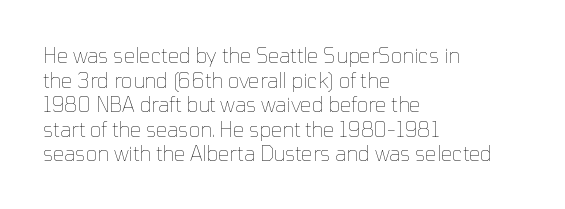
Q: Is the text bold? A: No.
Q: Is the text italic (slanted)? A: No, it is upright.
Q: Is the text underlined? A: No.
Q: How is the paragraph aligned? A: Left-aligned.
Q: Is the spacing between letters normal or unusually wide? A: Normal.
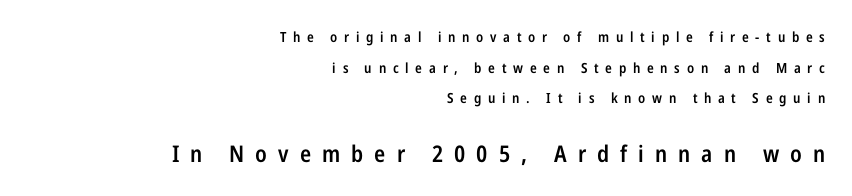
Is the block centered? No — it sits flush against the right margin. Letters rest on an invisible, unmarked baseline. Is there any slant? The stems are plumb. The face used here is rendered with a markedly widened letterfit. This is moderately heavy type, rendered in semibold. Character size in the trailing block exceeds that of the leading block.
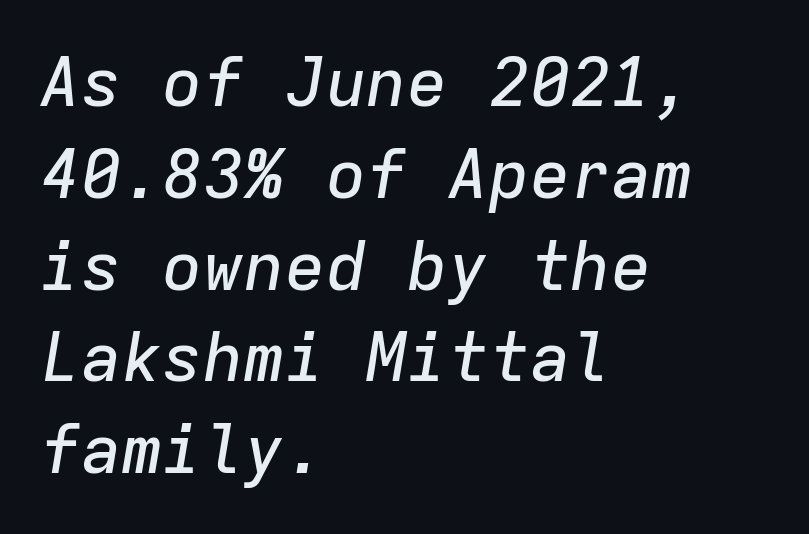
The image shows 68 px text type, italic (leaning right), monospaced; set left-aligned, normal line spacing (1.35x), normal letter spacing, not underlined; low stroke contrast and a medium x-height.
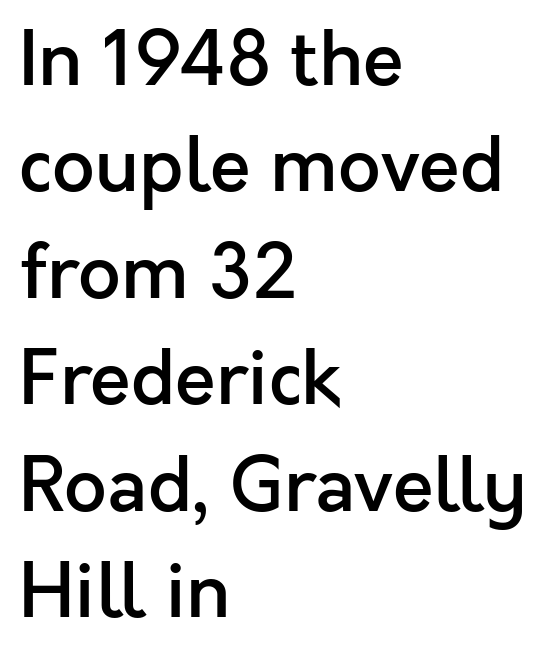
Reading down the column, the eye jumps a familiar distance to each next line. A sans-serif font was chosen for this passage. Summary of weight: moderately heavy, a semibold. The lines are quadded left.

----

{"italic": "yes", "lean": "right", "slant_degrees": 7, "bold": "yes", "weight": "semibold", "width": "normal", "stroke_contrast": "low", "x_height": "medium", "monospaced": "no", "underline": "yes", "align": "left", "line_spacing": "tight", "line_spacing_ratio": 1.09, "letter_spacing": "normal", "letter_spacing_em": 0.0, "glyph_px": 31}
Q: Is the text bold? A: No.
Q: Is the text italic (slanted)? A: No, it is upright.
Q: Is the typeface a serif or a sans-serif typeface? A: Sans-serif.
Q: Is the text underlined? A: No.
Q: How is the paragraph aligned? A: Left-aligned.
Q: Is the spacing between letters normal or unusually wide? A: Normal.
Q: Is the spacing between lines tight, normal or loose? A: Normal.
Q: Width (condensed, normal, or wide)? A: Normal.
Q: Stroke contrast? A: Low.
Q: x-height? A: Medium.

----

» **PROBLEM TO WORK ON**
The expected output is every line of the records in which the string "serif" appears.

» **WRITTEN SOLUTION**
Reading down the column, the eye jumps a familiar distance to each next line. A sans-serif font was chosen for this passage. Summary of weight: moderately heavy, a semibold. The lines are quadded left.
Q: Is the typeface a serif or a sans-serif typeface? A: Sans-serif.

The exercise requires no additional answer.